LitCharts assigns a color and icon to each theme in The Dharma Bums, which you can use to track the themes throughout the work.
Enlightenment and Nature
Counterculture and Freedom
Friendship
Literature and Authenticity
Inclusion, Exclusion, and Community
Summary
Analysis
With $8 left in his pocket, Ray hitchhikes from El Paso to Las Cruces, New Mexico. He naps under a beautiful tree, helps a man move to make $4, and has a big dinner. He then spends the $4 hitching a ride to Los Angeles. The driver is a white man from Texas, and the other passengers are a Mexican couple and their baby. Ray tells everyone about Buddhism, and the white guy tells made-up stories about fighting. In LA, Ray dodges a policeman at the railyards and catches the local train to Santa Barbara, where he visits the beach and then catches the Midnight Ghost train.
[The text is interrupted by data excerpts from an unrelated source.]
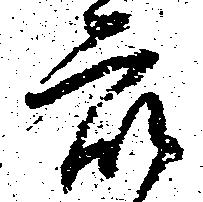
衆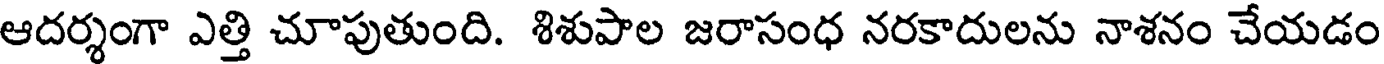
ఆదర్శంగా ఎత్తి చూపుతుంది. శిశుపాల జరాసంధ నరకాదులను నాశనం చేయడం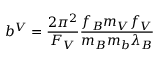
b ^ { V } = \frac { 2 \pi ^ { 2 } } { F _ { V } } \frac { f _ { B } m _ { V } f _ { V } } { m _ { B } m _ { b } \lambda _ { B } }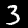
Digit: 3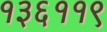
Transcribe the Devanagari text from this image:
१३६११९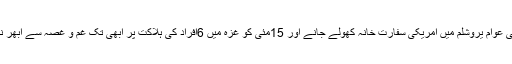
کیونکہ فلسطینی عوام یروشلم میں امریکی سفارت خانہ کھولے جانے اور 15مئی کو غزہ میں 6افراد کی ہلاکت پر ابھی تک غم و غصہ سے ابھر نہیں سکے ہیں۔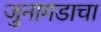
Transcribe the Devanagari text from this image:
जुनागडाचा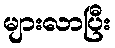
များလာပြီး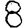
Digit: 8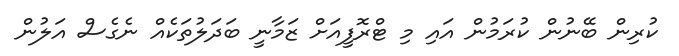
ކުރިން ބޭނުން ކުރަމުން އައި މި ޓްރޮފީއަށް ޒަމާނީ ބަދަލުތަކެއް ނެގެސް އަލުން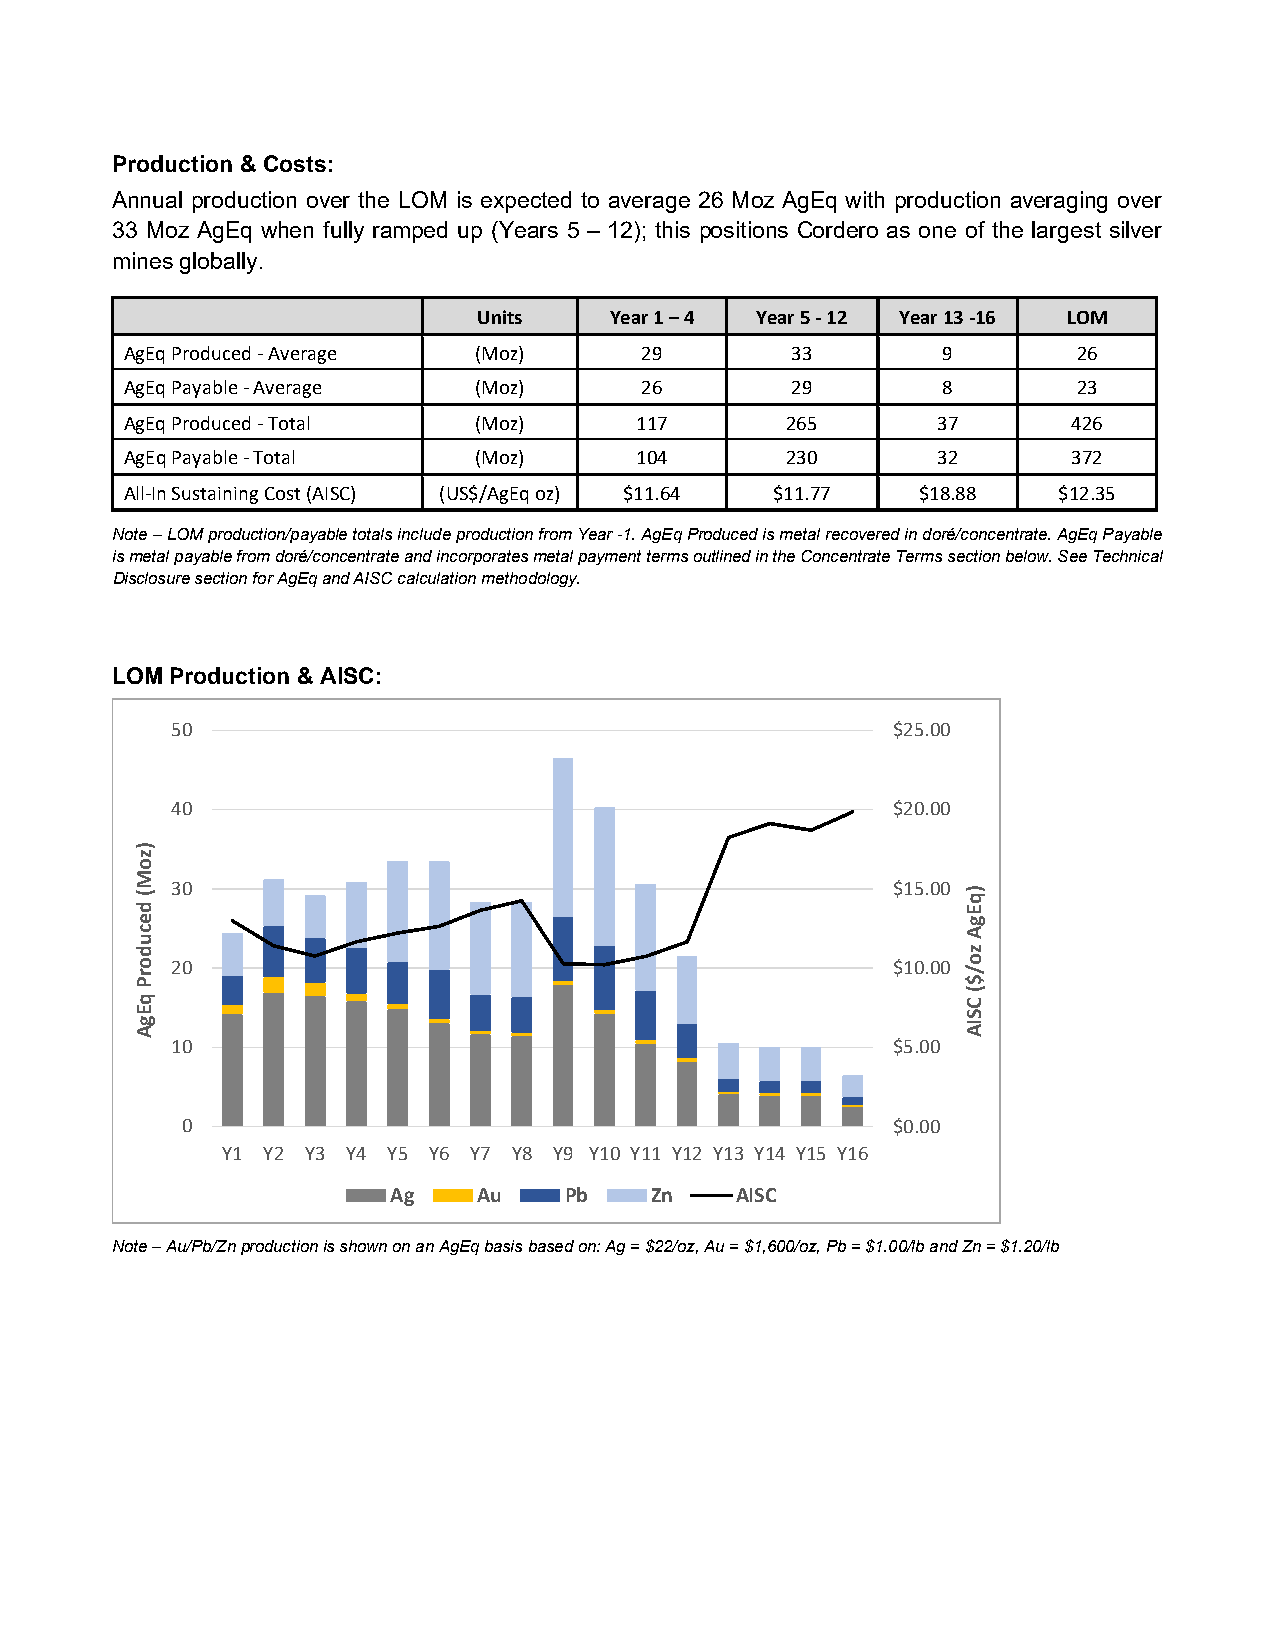
Production & Costs:
 Annual production over the LOM is expected to average 26 Moz AgEq with production averaging over
 33 Moz AgEq when fully ramped up (Years 5 – 12); this positions Cordero as one of the largest silver
 mines globally.
 Units   Year 1 – 4 Year 5 - 12 Year 13 -16 LOM
 AgEq Produced - Average (Moz)     29        33        9        26
 AgEq Payable - Average (Moz)      26        29        8        23
 AgEq Produced - Total  (Moz)      117       265       37       426
 AgEq Payable - Total   (Moz)      104       230       32       372
 All-In Sustaining Cost (AISC) (US$/AgEq oz) $11.64 $11.77 $18.88 $12.35
 Note – LOM production/payable totals include production from Year -1. AgEq Produced is metal recovered in doré/concentrate. AgEq Payable
 is metal payable from doré/concentrate and incorporates metal payment terms outlined in the Concentrate Terms section below. See Technical
 Disclosure section for AgEq and AISC calculation methodology.
 LOM Production & AISC:
 50                                              $25.00
 40                                              $20.00
 30                                              $15.00
 20                                              $10.00
 10                                              $5.00
 0                                              $0.00
 Y1 Y2 Y3 Y4 Y5 Y6 Y7 Y8 Y9 Y10 Y11 Y12 Y13 Y14 Y15 Y16
 Ag    Au   Pb    Zn    AISC
 Note – Au/Pb/Zn production is shown on an AgEq basis based on: Ag = $22/oz, Au = $1,600/oz, Pb = $1.00/lb and Zn = $1.20/lb
 )zoM(
 decudorP
 qEgA
 )qEgA
 zo/$(
 CSIA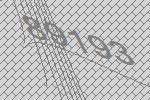
89193

He falls asleep on a flatbed car, which is extremely dangerous, but he makes it safely to San Francisco with his last dollar.
Ray’s adventures continue, and he does his best to combine the instability and excitement of adventurous travel with the stability, wisdom, and peacefulness of his Buddhism. In teaching others about it, he plays his part in spreading wisdom and peace. Meanwhile, the other man is seemingly lying about being a tough fighter, which suggests that he’s desperately trying to prove his masculinity and justify his sense of pride. In other words, he’s totally caught up in mainstream cultural values that Ray rejects, like power, dominance, and self-promotion. But the man also makes it clear why these values are absurd and don’t lead to true happiness: he's so insecure and stubborn about them that he ends up telling obvious lies looking like a fool. Most importantly, his dishonesty, which represents the inauthenticity of mainstream culture, contrasts with Ray’s authentic humility and wisdom.